Un débat raté ne chassera pas la xénophobie nationaliste comme un mauvais rêve. La calamiteuse prestation de Marine Le Pen face à Emmanuel Macron a ouvert les yeux d’un certain nombre d’électeurs, qui ont pu constater de visu que le FN avait un programme incohérent et intolérant, où l’agressivité populiste tenait lieu de raisonnement.
Depuis, comme plusieurs fois dans son histoire, le parti lepéniste est entré en crise. Les uns veulent poursuivre sur la ligne nationale-sociale de Florian Philippot, qui voit dans l’Union européenne la source de tous les maux français. Les autres veulent revenir au discours ultradroitier et traditionaliste naguère employé par Jean-Marie Le Pen et dont sa petite-nièce Marion Maréchal fut un temps la porte-parole, quitte à mettre en sourdine la rhétorique anti-euro qui inquiète les électeurs.

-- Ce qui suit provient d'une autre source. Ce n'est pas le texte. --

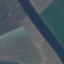
Land use / land cover: River
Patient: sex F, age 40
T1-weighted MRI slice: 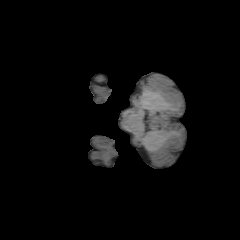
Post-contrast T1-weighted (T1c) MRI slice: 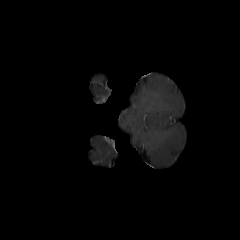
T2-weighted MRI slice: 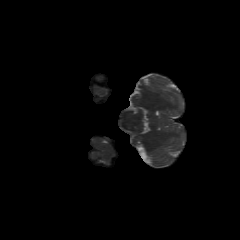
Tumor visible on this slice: no
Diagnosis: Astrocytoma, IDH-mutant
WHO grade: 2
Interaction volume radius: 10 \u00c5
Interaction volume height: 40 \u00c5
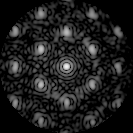
Disorder parameter: 0.3656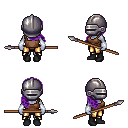
a pixel art fantasy rpg character, female body template, dark elf, purple skin, brown pirate shirt, gold greaves, purple right-swept hairstyle, metal helm, white cloth bracers, black shoes, spear, four views (front, back, left, right), 2x2 character sprite sheet, small pixel art, hard edges, no anti-aliasing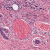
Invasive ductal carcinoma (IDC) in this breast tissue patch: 1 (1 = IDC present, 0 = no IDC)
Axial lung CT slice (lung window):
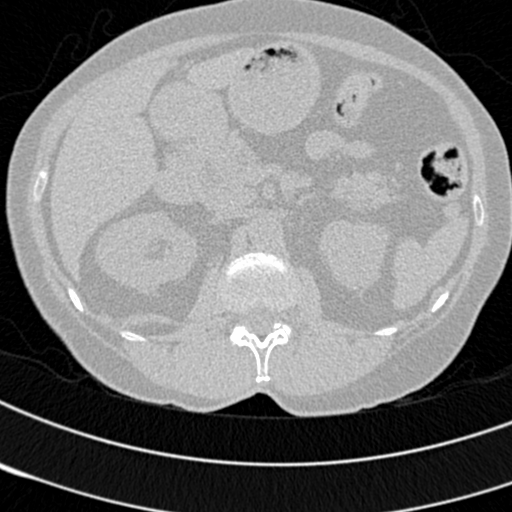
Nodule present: no
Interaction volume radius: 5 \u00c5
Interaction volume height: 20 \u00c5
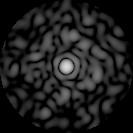
Disorder parameter: 0.8252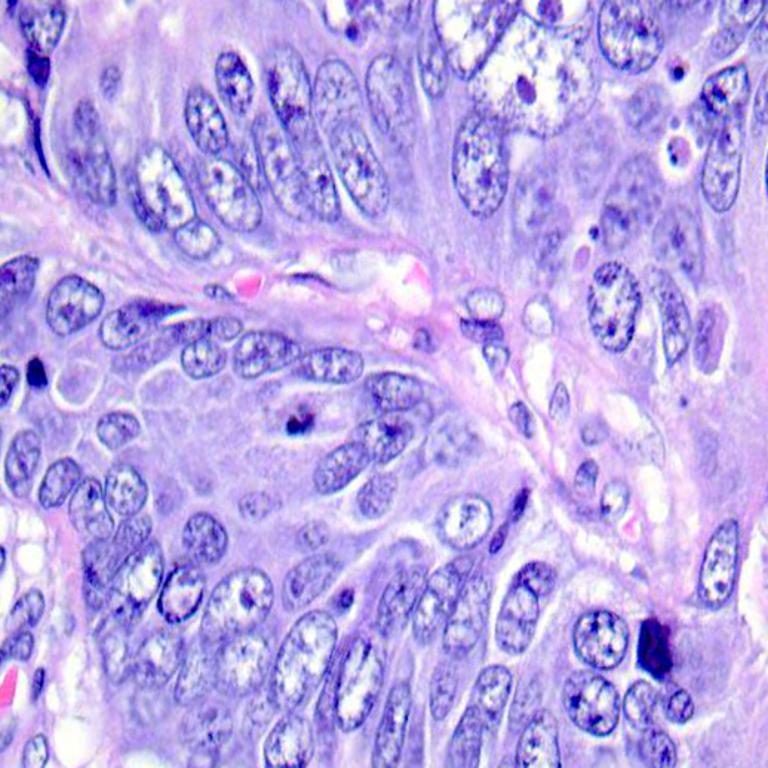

Cette division, ou cette hésitation, peut coûter cher au Front, dont les militants ne savent plus très bien à quel diable se vouer.
Mais cela ne change rien aux causes profondes qui expliquent la force du FN. Sous la surface tumultueuse de la vie du parti, elles sont toujours à l’œuvre. Fracture sociale, désagrégation urbaine, angoisse identitaire, chômage de masse : tous les ingrédients de la mauvaise soupe brune sont toujours réunis. A cela s’ajoute la lancinante propagande des élus et des intellectuels qui annoncent la dissolution de la France dans le magma supposé de la mondialisation, et qui apportent, volontairement ou non, un stock inépuisable d’arguments à la litanie frontiste.
La politique libérale menée par le gouvernement Philippe permettra-t-elle de rasséréner la société française ? Rien n’est moins sûr. Elle plaît aux élites économiques mais risque fort de mécontenter rapidement les classes populaires. C’est-à-dire cette partie de l’électorat français où le FN puise l’essentiel de sa force.